- **WORK REQUIRED**: Start the copy at the line holding "Captured 7.4 seconds past image 1." and continue it exactly through the last line of the entries, leaving out pictures and anything else.
MATERIAL TO PROCESS: Begin
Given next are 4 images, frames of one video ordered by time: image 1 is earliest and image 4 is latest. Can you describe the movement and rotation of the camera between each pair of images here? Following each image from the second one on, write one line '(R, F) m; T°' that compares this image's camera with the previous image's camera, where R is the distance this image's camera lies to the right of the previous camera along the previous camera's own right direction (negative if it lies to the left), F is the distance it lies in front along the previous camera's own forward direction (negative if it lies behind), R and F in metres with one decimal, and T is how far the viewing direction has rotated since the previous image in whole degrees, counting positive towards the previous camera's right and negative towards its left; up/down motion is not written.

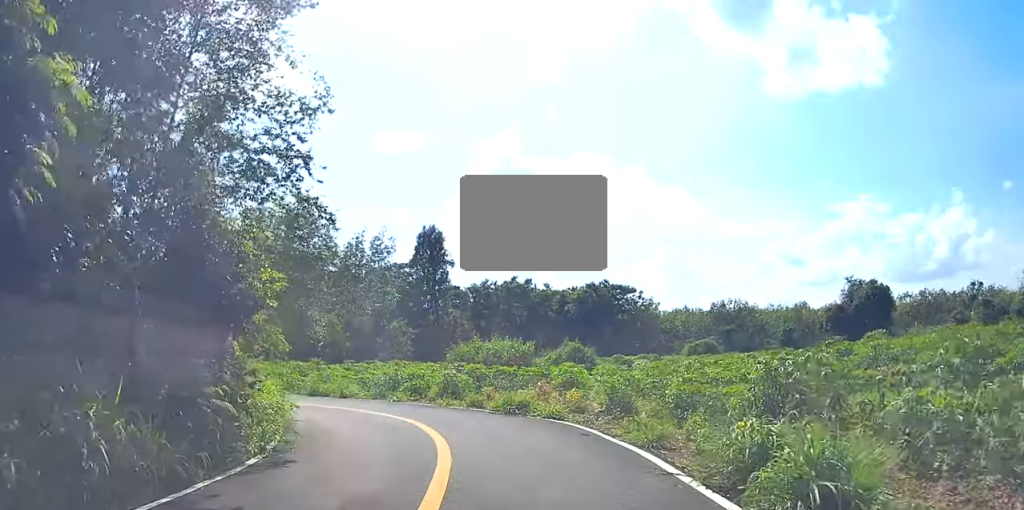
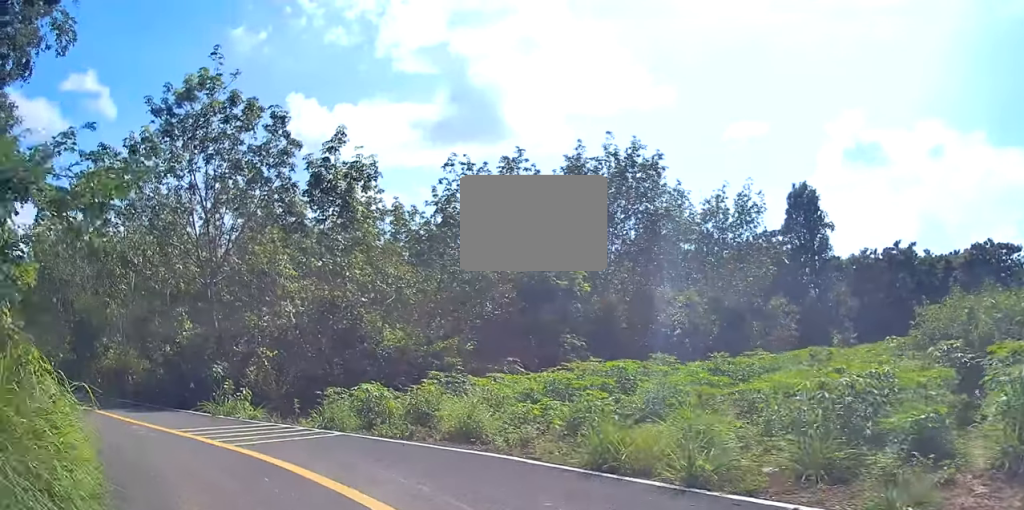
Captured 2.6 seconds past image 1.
(-0.2, +15.8) m; -13°
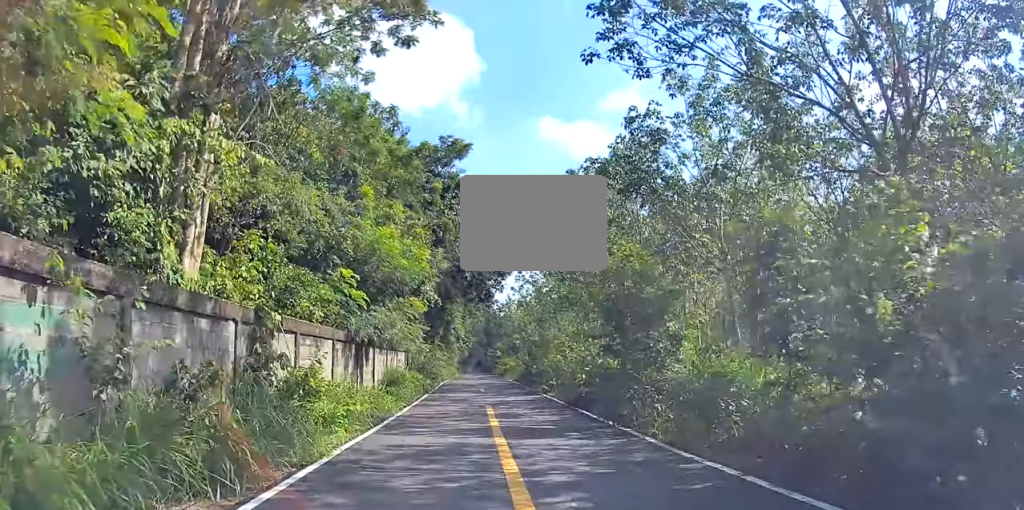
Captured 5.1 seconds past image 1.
(-3.4, +11.7) m; -33°
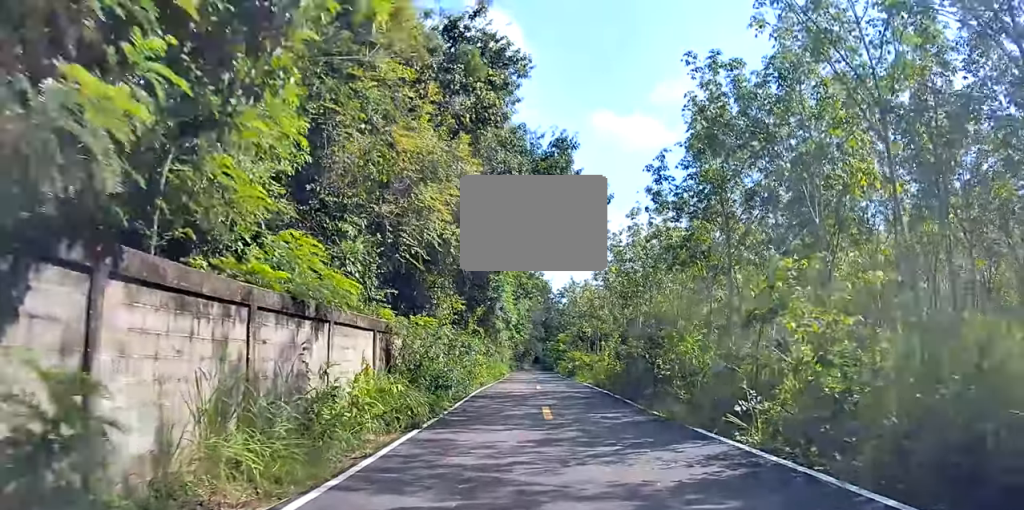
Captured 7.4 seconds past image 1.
(-2.5, +14.8) m; -16°
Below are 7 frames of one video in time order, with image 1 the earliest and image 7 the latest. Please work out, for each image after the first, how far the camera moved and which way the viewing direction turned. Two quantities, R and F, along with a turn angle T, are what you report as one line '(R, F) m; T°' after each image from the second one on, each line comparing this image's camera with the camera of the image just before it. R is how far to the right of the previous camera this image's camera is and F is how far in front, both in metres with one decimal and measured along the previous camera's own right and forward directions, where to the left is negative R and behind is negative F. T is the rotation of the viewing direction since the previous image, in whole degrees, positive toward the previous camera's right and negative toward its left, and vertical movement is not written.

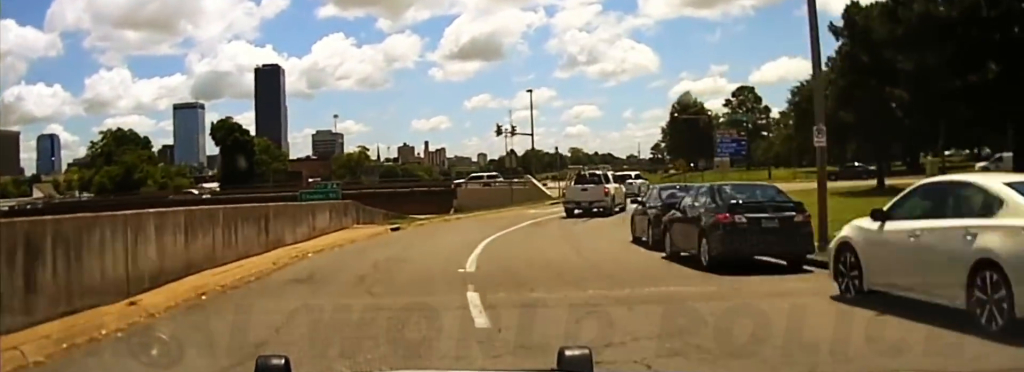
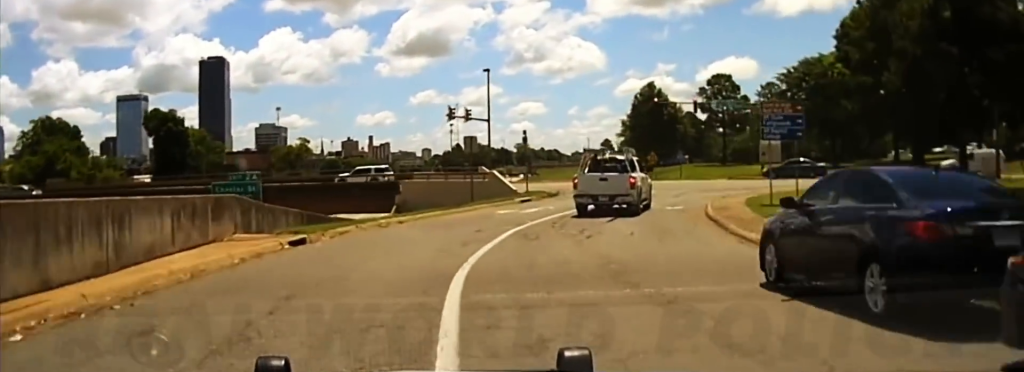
(-0.5, +13.6) m; +3°
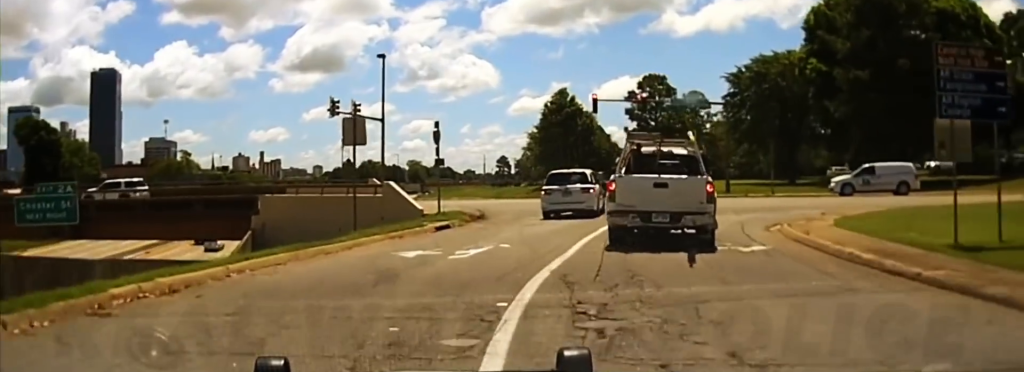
(+1.9, +17.4) m; +8°
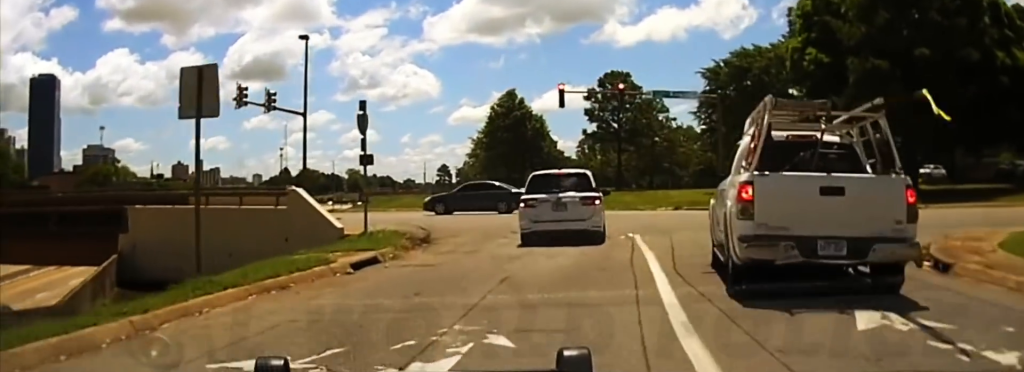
(+0.8, +11.7) m; +4°
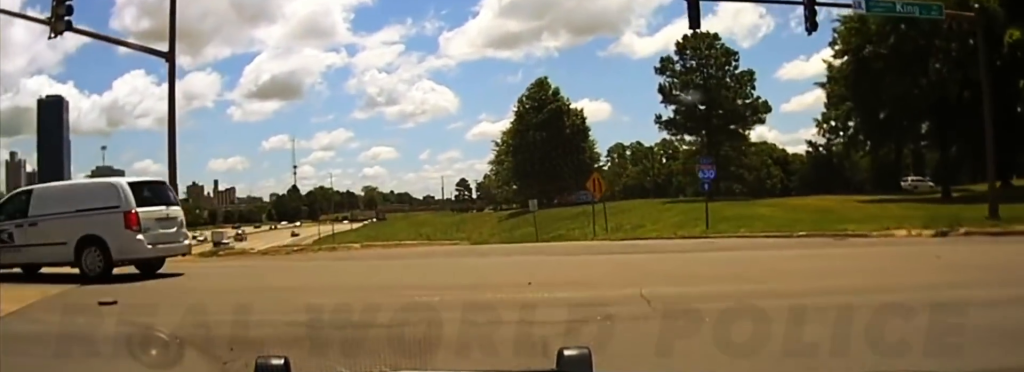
(-1.5, +29.5) m; -28°
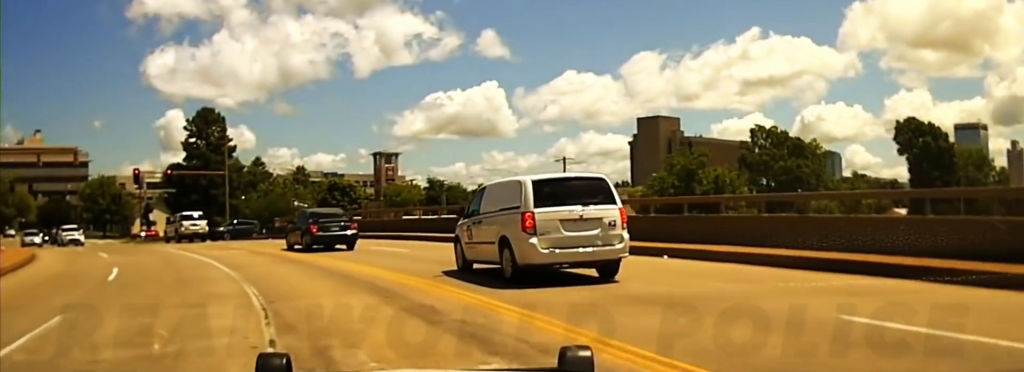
(-5.9, +14.1) m; -39°
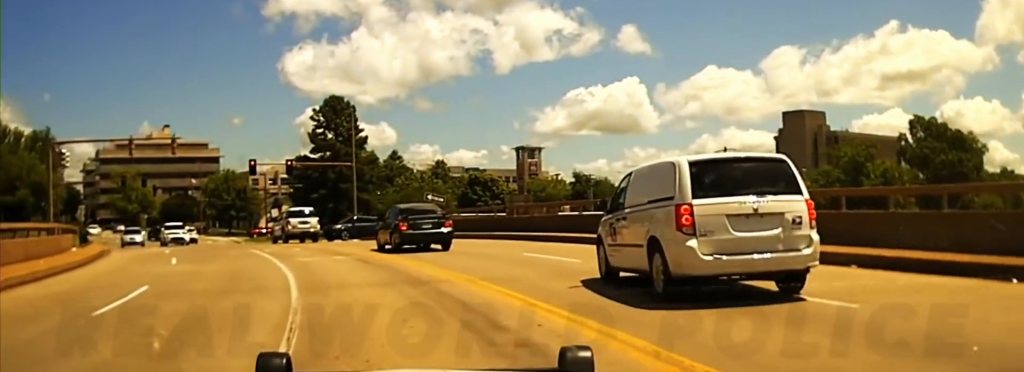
(-0.5, +6.3) m; -9°
MATERIAL TO PROCESS: End
- **TASK ANSWER**:
Captured 7.4 seconds past image 1.
(-2.5, +14.8) m; -16°
Below are 7 frames of one video in time order, with image 1 the earliest and image 7 the latest. Please work out, for each image after the first, how far the camera moved and which way the viewing direction turned. Two quantities, R and F, along with a turn angle T, are what you report as one line '(R, F) m; T°' after each image from the second one on, each line comparing this image's camera with the camera of the image just before it. R is how far to the right of the previous camera this image's camera is and F is how far in front, both in metres with one decimal and measured along the previous camera's own right and forward directions, where to the left is negative R and behind is negative F. T is the rotation of the viewing direction since the previous image, in whole degrees, positive toward the previous camera's right and negative toward its left, and vertical movement is not written.

(-0.5, +13.6) m; +3°
(+1.9, +17.4) m; +8°
(+0.8, +11.7) m; +4°
(-1.5, +29.5) m; -28°
(-5.9, +14.1) m; -39°
(-0.5, +6.3) m; -9°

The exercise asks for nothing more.